## [Aim of the task]
The complete listing goes into the output exactly, without its pictures.

....................

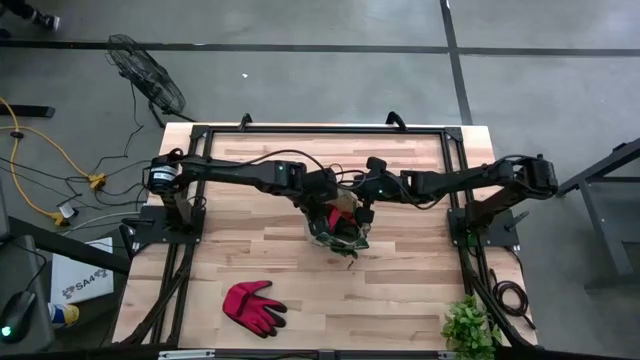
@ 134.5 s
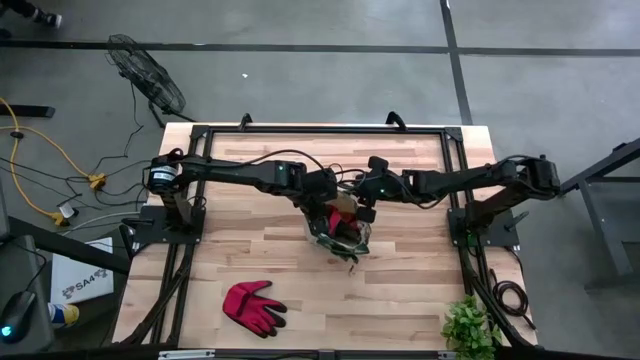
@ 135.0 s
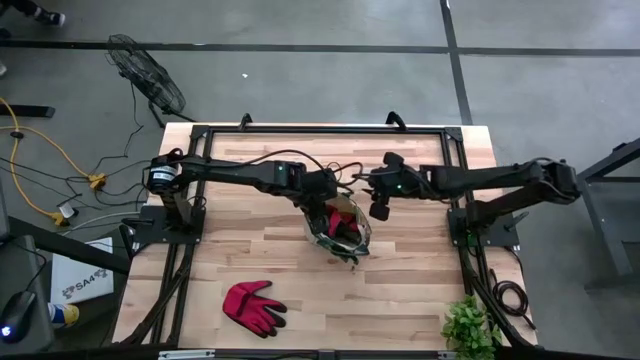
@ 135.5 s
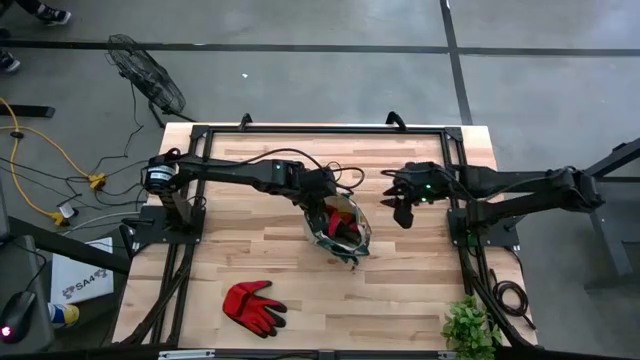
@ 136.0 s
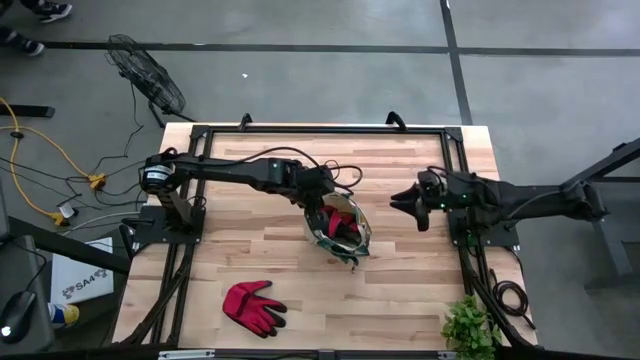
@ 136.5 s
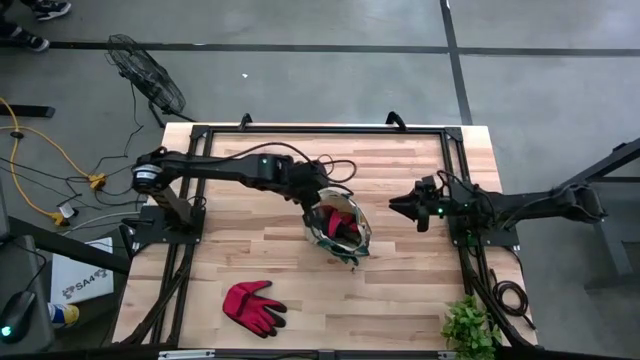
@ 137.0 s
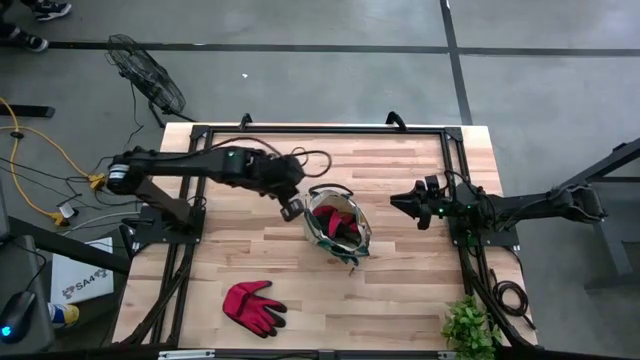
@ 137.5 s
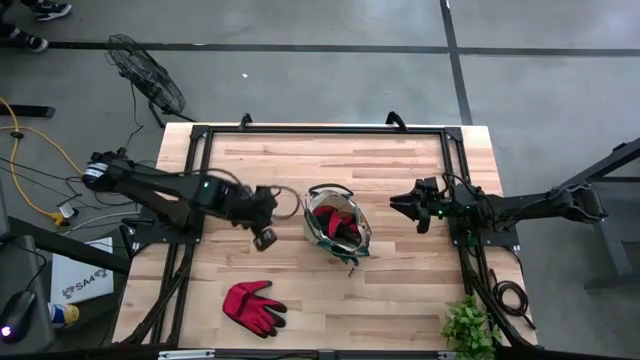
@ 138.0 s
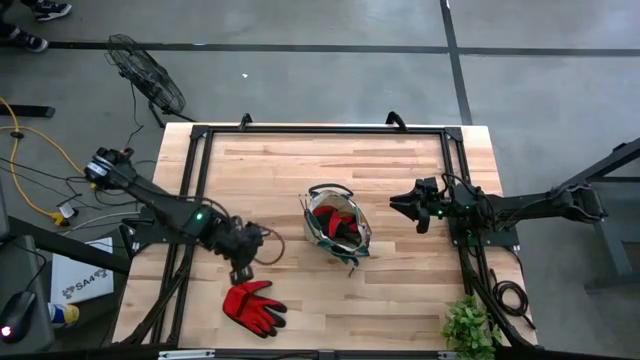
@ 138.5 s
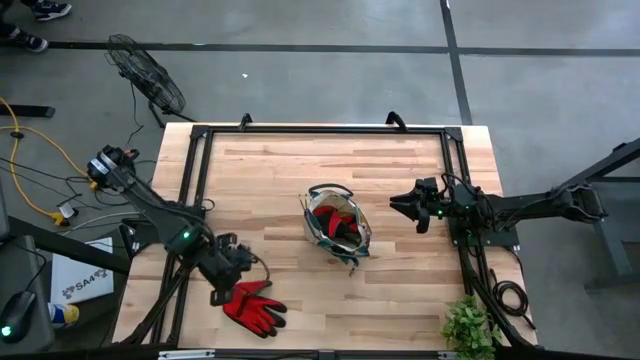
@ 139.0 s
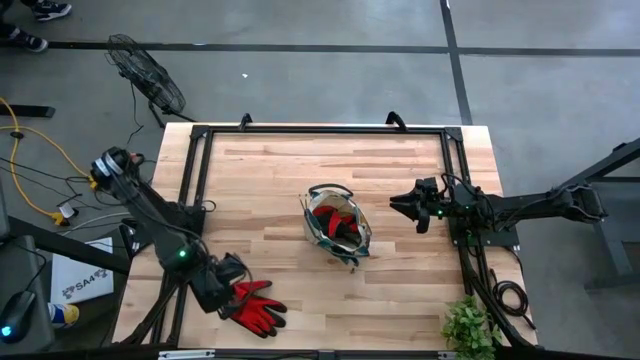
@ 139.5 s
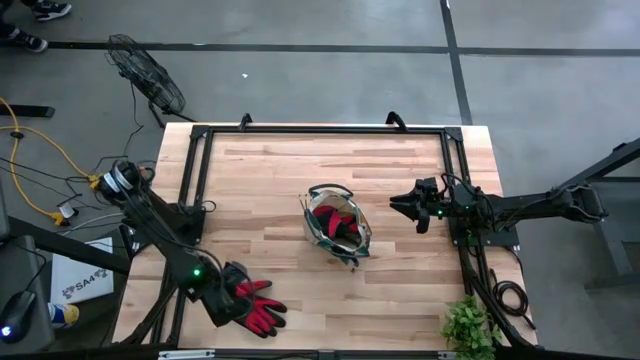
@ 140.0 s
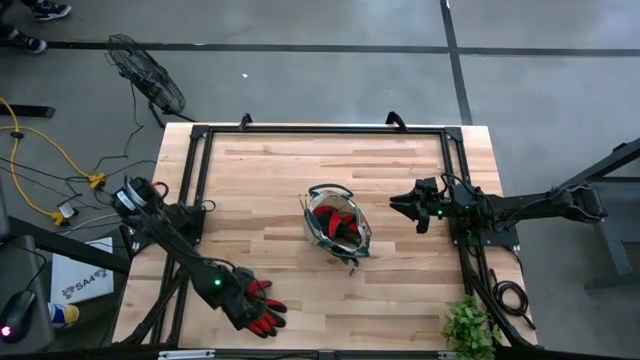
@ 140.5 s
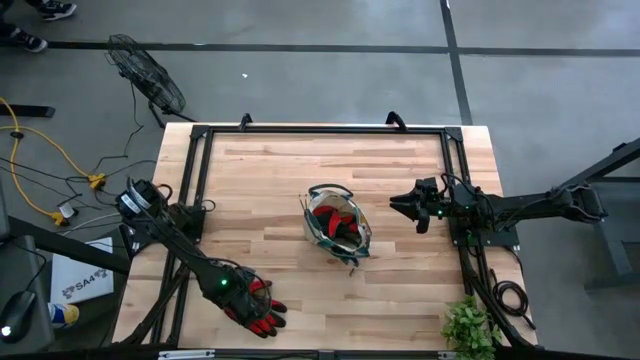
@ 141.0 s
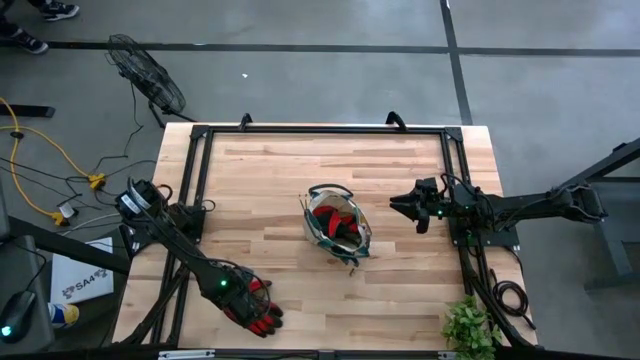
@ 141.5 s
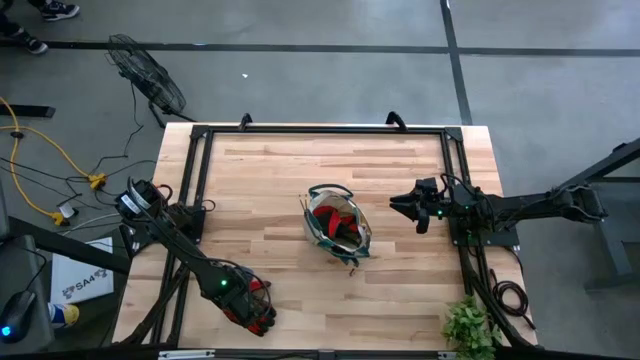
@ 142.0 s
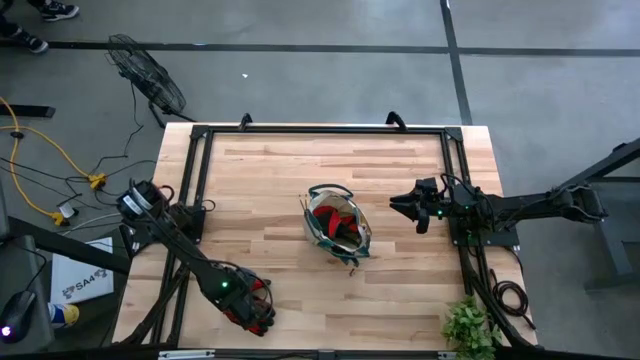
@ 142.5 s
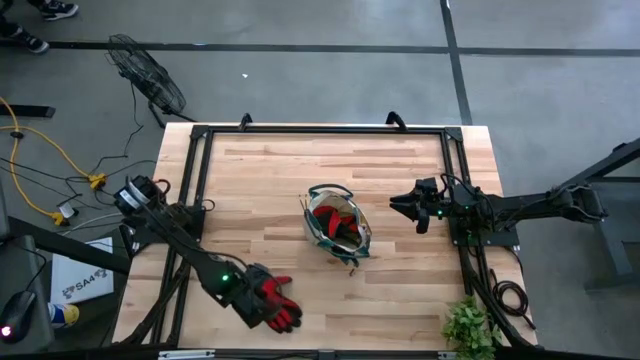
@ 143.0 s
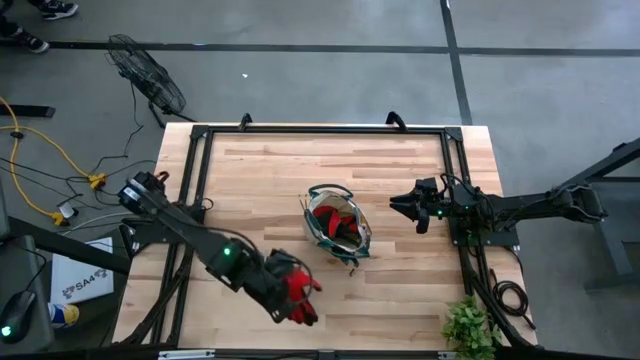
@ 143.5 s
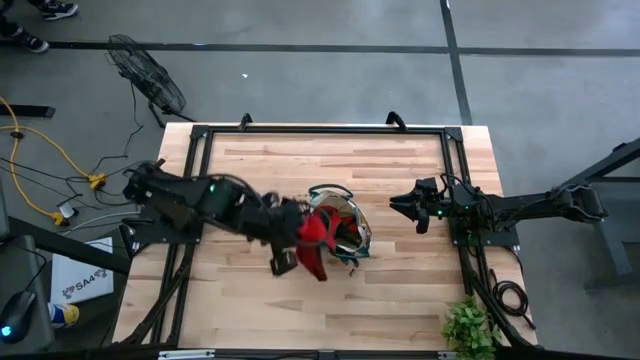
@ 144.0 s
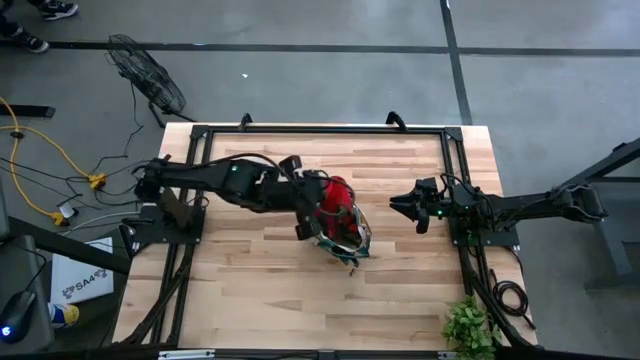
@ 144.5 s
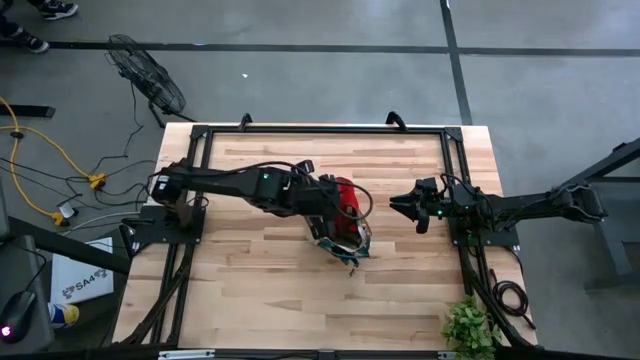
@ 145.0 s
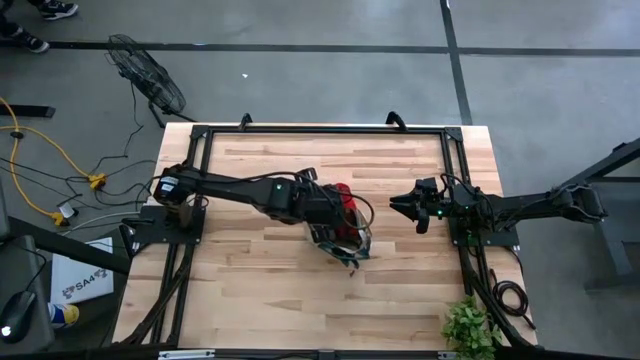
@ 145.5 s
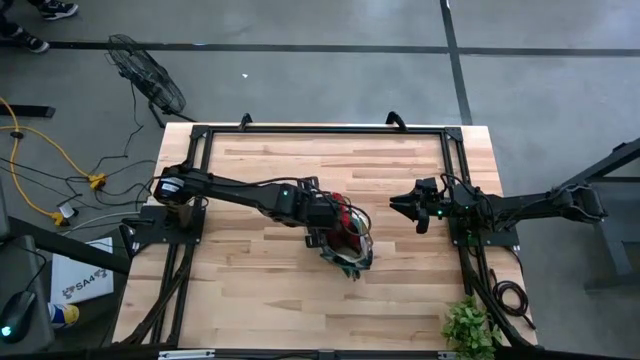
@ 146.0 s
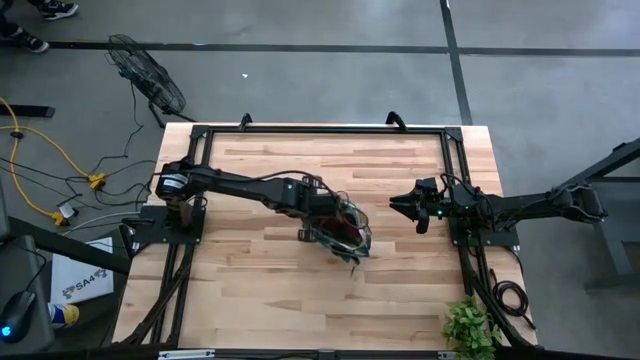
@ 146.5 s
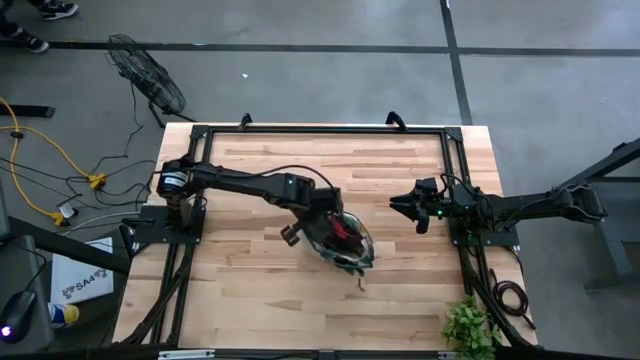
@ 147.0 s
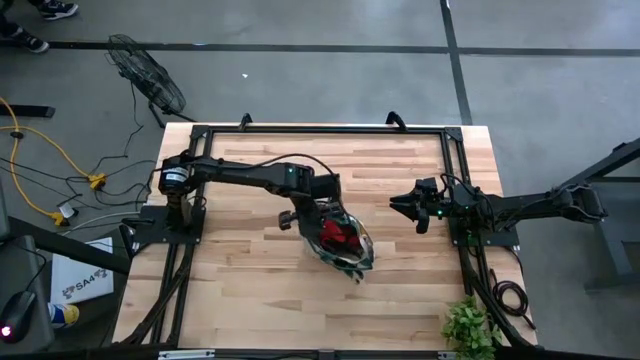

....................

## [Result]
@ 134.5 s
@ 135.0 s
@ 135.5 s
@ 136.0 s
@ 136.5 s
@ 137.0 s
@ 137.5 s
@ 138.0 s
@ 138.5 s
@ 139.0 s
@ 139.5 s
@ 140.0 s
@ 140.5 s
@ 141.0 s
@ 141.5 s
@ 142.0 s
@ 142.5 s
@ 143.0 s
@ 143.5 s
@ 144.0 s
@ 144.5 s
@ 145.0 s
@ 145.5 s
@ 146.0 s
@ 146.5 s
@ 147.0 s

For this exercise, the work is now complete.